Exercise instructions
Repeat each entry word for word. Leave any images out of the copy.

(Records from a data source)
---+---

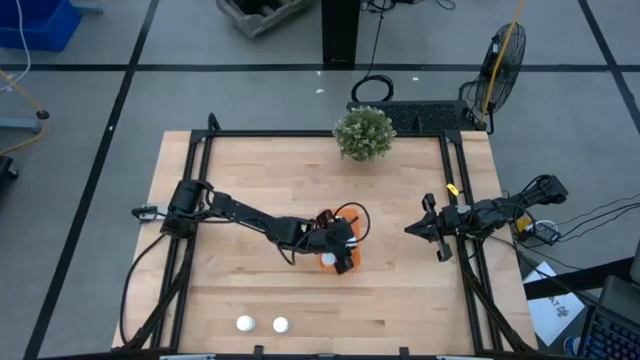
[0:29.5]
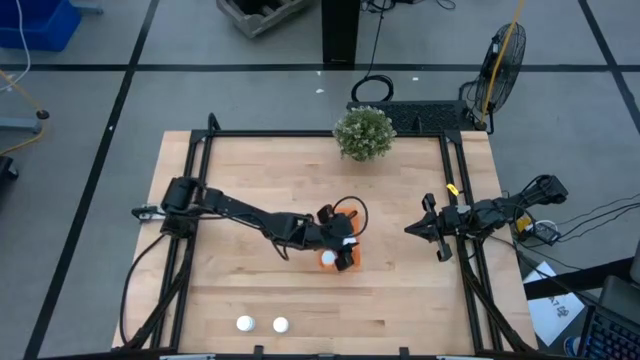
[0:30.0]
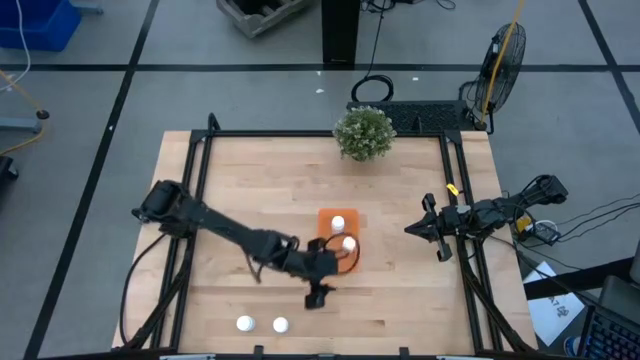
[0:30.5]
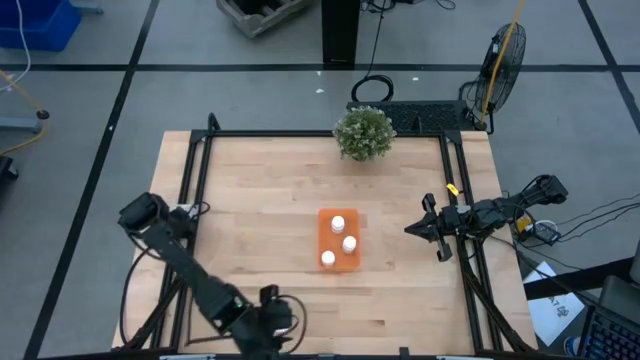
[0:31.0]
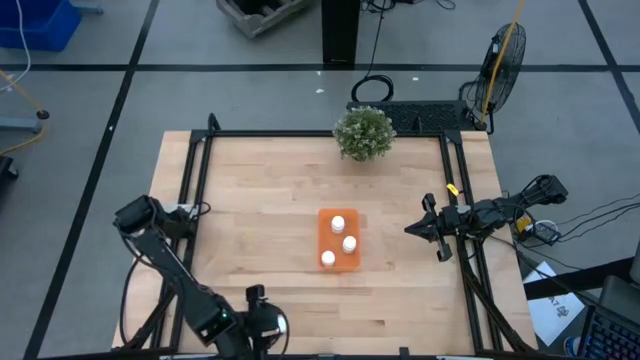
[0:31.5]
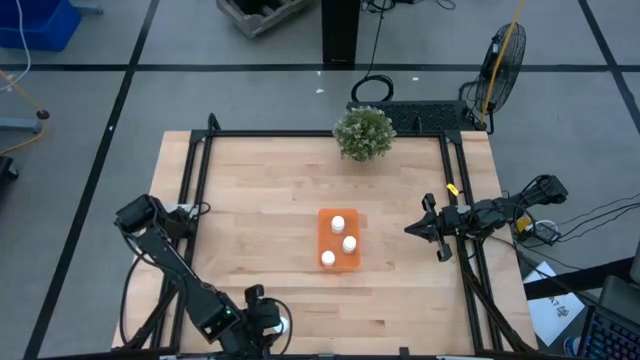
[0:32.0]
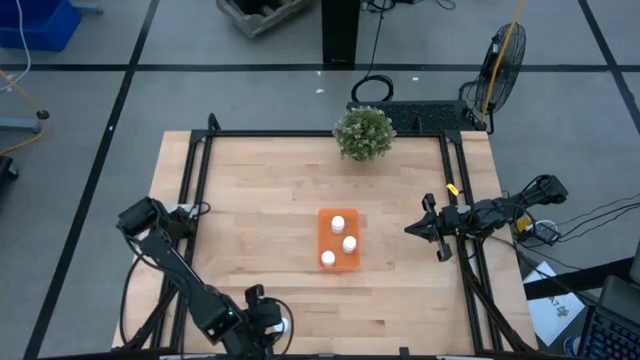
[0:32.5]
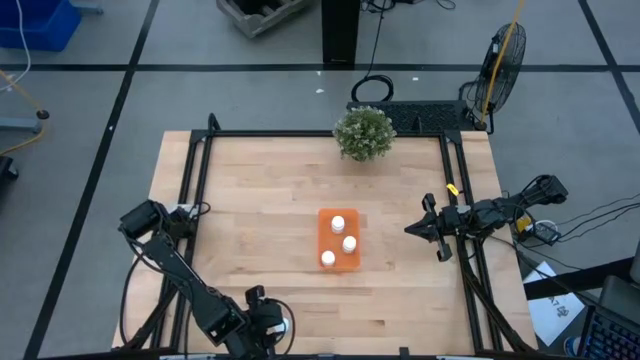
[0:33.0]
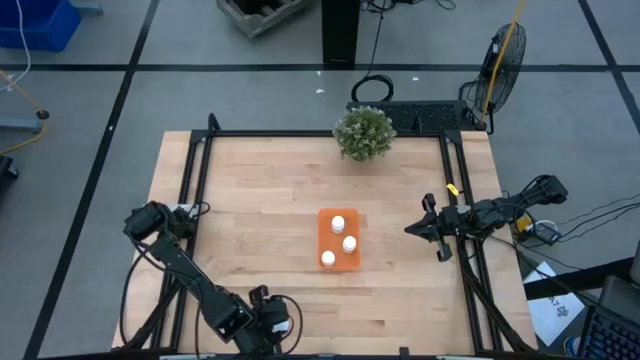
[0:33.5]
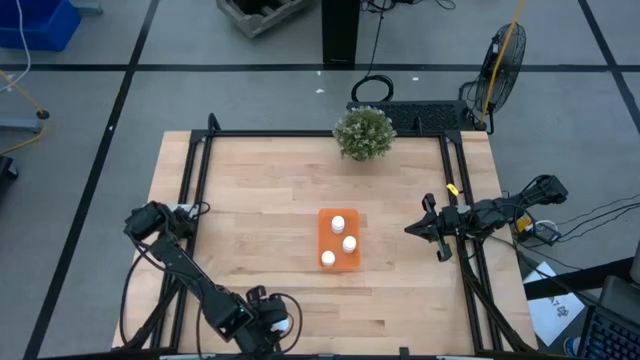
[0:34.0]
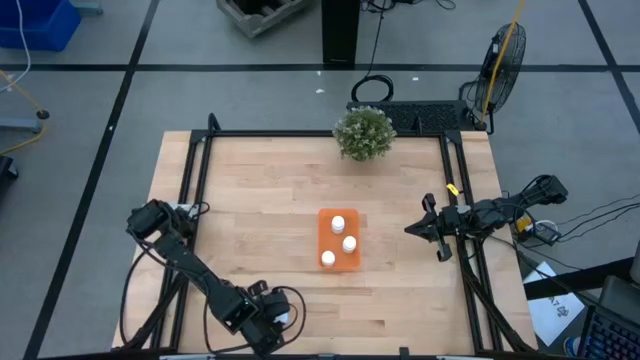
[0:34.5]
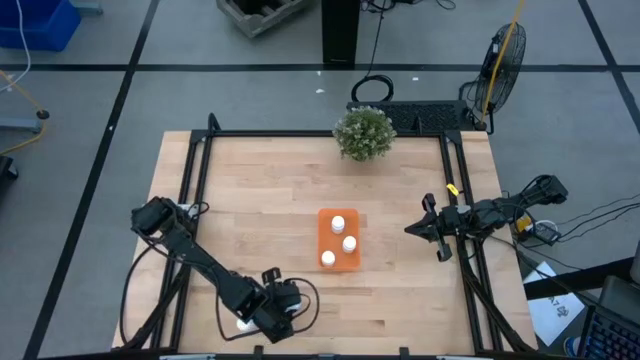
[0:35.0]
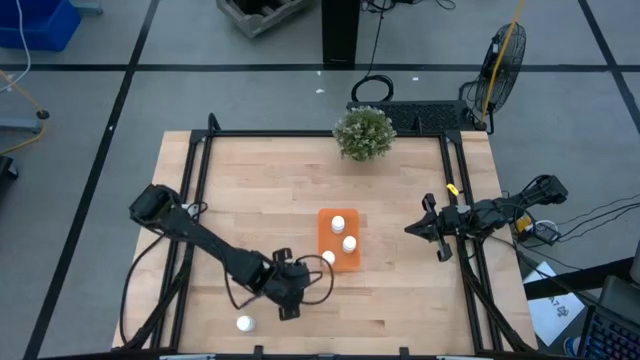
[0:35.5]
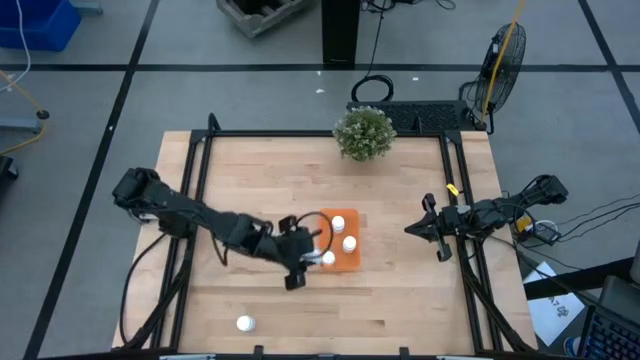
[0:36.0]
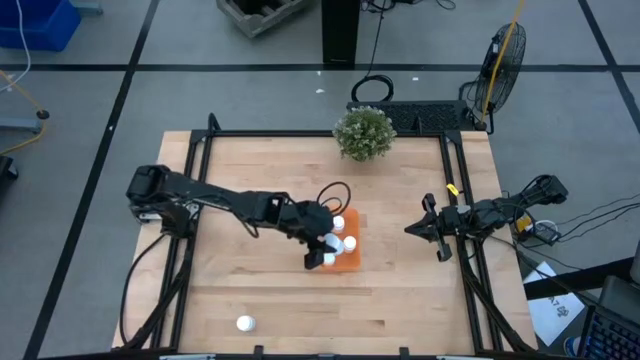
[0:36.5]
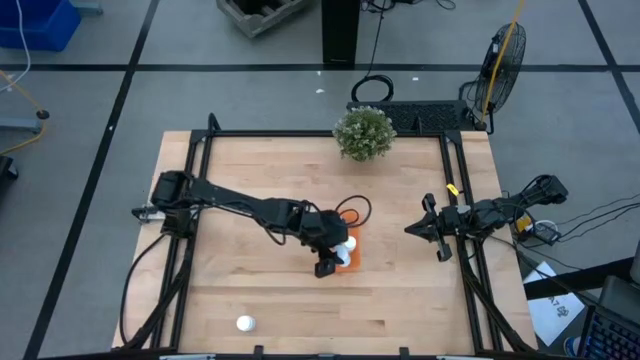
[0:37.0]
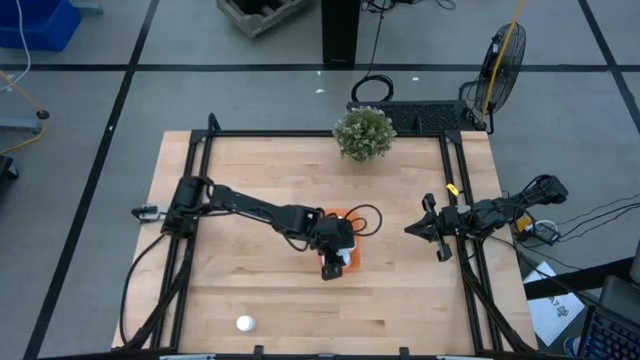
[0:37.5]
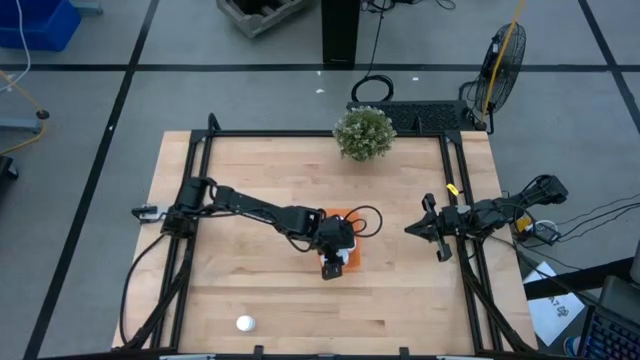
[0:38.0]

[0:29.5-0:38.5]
Task: Pick and place pill bottles into a basket
Put the white medicine bottle into the orange bin

---+---

Output of the task
[0:29.5]
[0:30.0]
[0:30.5]
[0:31.0]
[0:31.5]
[0:32.0]
[0:32.5]
[0:33.0]
[0:33.5]
[0:34.0]
[0:34.5]
[0:35.0]
[0:35.5]
[0:36.0]
[0:36.5]
[0:37.0]
[0:37.5]
[0:38.0]

[0:29.5-0:38.5]
Task: Pick and place pill bottles into a basket
Put the white medicine bottle into the orange bin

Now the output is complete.